Cynthia Browning has long been a burr under the saddle for the Shumlin administration, and her lawsuit seeking access to administration documents about its health care deliberations is perhaps the most nettlesome burr of all.
Browning is the Democratic House member from Arlington who has made a specialty of annoying her fellow Democrats in the executive branch, mainly because of her insistence that they be more forthcoming on health care. Legislation had required the administration to make public by January 2013 its financing plan for the single-payer system it hopes to unveil next year. It has failed to do so, and Browning has been on the case ever since. Republican critics of Shumlin’s plan can only be delighted they have a Democrat willing to prod the administration, and now her prodding has taken the form of a lawsuit seeking a court order for the administration to release documents describing its health care plans.

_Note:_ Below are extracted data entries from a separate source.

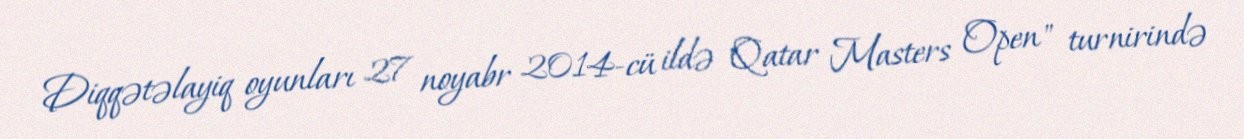
Diqqətəlayiq oyunları 27 noyabr 2014-cü ildə "Qatar Masters Open" turnirində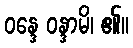
ဝန္ဒေ ဝန္ဒာမိ၊ ၏။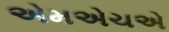
એમએચએ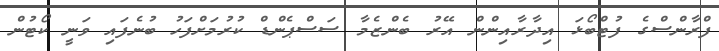
ފްރާންސްގެ ފުޓްބޯޅަ އިދާރާއިންން އޭރު ބެންޒެމާ ސަސްޕެންޑް ކުރުމަށްފަހު ބުނެފައި ވަނީ ކޯޓުން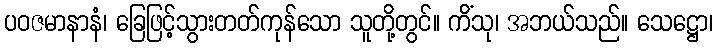
ပဝဇမာနာနံ၊ ခြေဖြင့်သွားတတ်ကုန်သော သူတို့တွင်။ ကိံသု၊ အဘယ်သည်။ သေဋ္ဌော၊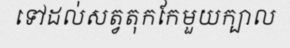
ទៅដល់សត្វតុកកែមួយក្បាល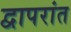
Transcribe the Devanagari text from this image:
द्वापरांत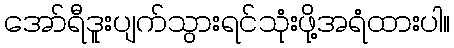
အော်ရီဒူးပျက်သွားရင်သုံးဖို့အရံထားပါ။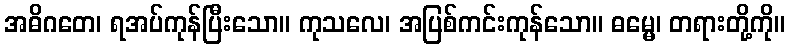
အဓိဂတေ၊ ရအပ်ကုန်ပြီးသော။ ကုသလေ၊ အပြစ်ကင်းကုန်သော။ ဓမ္မေ၊ တရားတို့ကို။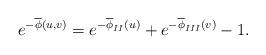
LaTeX: \begin{align*}e^{-\overline{\phi}(u,v)}=e^{-\overline{\phi}_{II}(u)}+e^{-\overline{\phi}_{III}(v)}-1.\end{align*}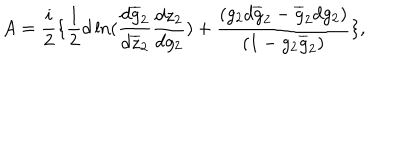
A = \frac { i } { 2 } \{ \frac { 1 } { 2 } d \ln ( \frac { d \overline { { { g } } } _ { 2 } } { d \overline { { { z } } } _ { 2 } } \frac { d z _ { 2 } } { d g _ { 2 } } ) + \frac { ( g _ { 2 } d \overline { { { g } } } _ { 2 } - \overline { { { g } } } _ { 2 } d g _ { 2 } ) } { ( 1 - g _ { 2 } \overline { { { g } } } _ { 2 } ) } \} ,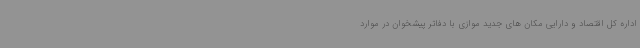
اداره کل اقتصاد و دارایی مکان های جدید موازی با دفاتر پیشخوان در موارد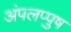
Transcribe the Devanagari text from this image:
अंपलप्पुष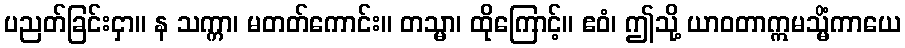
ပညတ်ခြင်းငှာ။ န သက္ကာ၊ မတတ်ကောင်း။ တသ္မာ၊ ထိုကြောင့်။ ဧဝံ၊ ဤသို့ ယာဝတာဣမသ္မိံကာယေ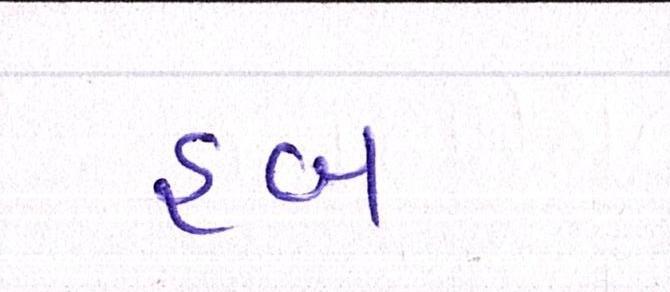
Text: હબ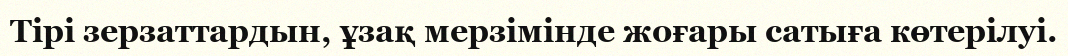
Тірі зерзаттардын, ұзақ мерзімінде жоғары сатыға көтерілуі.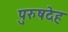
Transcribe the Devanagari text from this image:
पुरुषदेह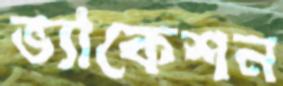
ভ্যাকেশন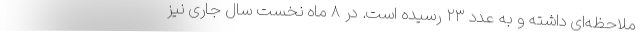
ملاحظه‌ای داشته و به عدد ۲۳ رسیده است. در ۸ ماه نخست سال جاری نیز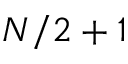
N / 2 + 1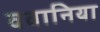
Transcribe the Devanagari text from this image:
ववानिया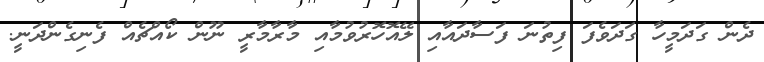
ދެން ގަދަމީހާ ގަދަވެފަ ފިތުނަ ފަސާދައާއި ލޭއޮހޮރުވުމާއި މާރާމާރީ ނޫން ކޯއްޗެއް ފެނިގެންދަނީ.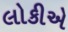
લોકીએ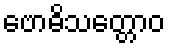
ဗောဓိသတ္တောဝ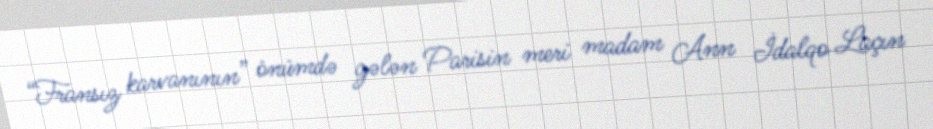
“Fransız karvanının” önümdə gələn Parisin meri madam Ann İdalqo Laçın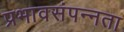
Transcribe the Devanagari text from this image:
प्रभावसंपन्नता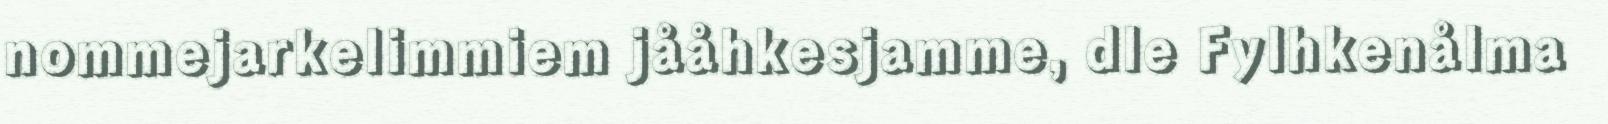
nommejarkelimmiem jååhkesjamme, dle Fylhkenålma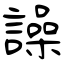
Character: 譟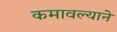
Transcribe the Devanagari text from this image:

The administration has long argued that it would be premature to release details of a financing plan before a plan has been created. For officials to throw before the public a proposal to raise specific taxes to pay for health care would raise a furor that would last for months or years. It appears that Gov. Peter Shumlin hopes to confine the furor to the legislative process after he offers a proposal in January and to narrow debate, not to a host of diverse possibilities, but to the plan his administration devises.
In dueling motions in Browning’s court case, the parties are debating whether documents related to the financing of Shumlin’s health care plan are public documents that must be released under state law. The administration says that they are “confidential policy advice documents” and so they are exempt from public disclosure. That exemption applies to the private advice that the governor receives from his advisers.
Browning counters that the administration itself has breached the confidentiality it is seeking to protect by sharing the documents widely, giving them to a whole list of legislators. Browning, herself a legislator, is arguing that she wants a look at the documents, too.
Shumlin is in a race against time. He has five months to prepare his health care plan while maintaining a lid on information about it, and in that time pressure to remove the lid is only going to increase. As information becomes more widely shared, the administration’s arguments in defense of confidentiality become more specious. Browning, representing the public, has a right to know. For Shumlin to argue that the public is not smart enough to interpret or understand the documents it is looking at is not tenable. Our open government laws are based on the premise that the public can look at public documents and sort them out adequately.
Shumlin may have the idea that he can manage the debate about health care, but it is already escaping his management. The Browning suit is pushing it into the public sphere. Also, continuing troubles with the state’s health care exchange, Vermont Health Connect, have inspired anger and frustration by members of the Legislature and officials from his own administration. Thus, the unhappiness of the public has prompted action, and Monday the administration announced it had dropped CGI as its principal contractor for the health care exchange.
In this way, the public furor became a goad to action. Who knows how the public reaction to his single-payer plan will shape events? Shumlin has taken a risk in trying to keep the public out of the debate for as long as possible, but eventually the public is going to get in on the action. Browning may be doing him a favor by getting the debate going early and involving the public in what is one of the most consequential public policy decisions of recent years.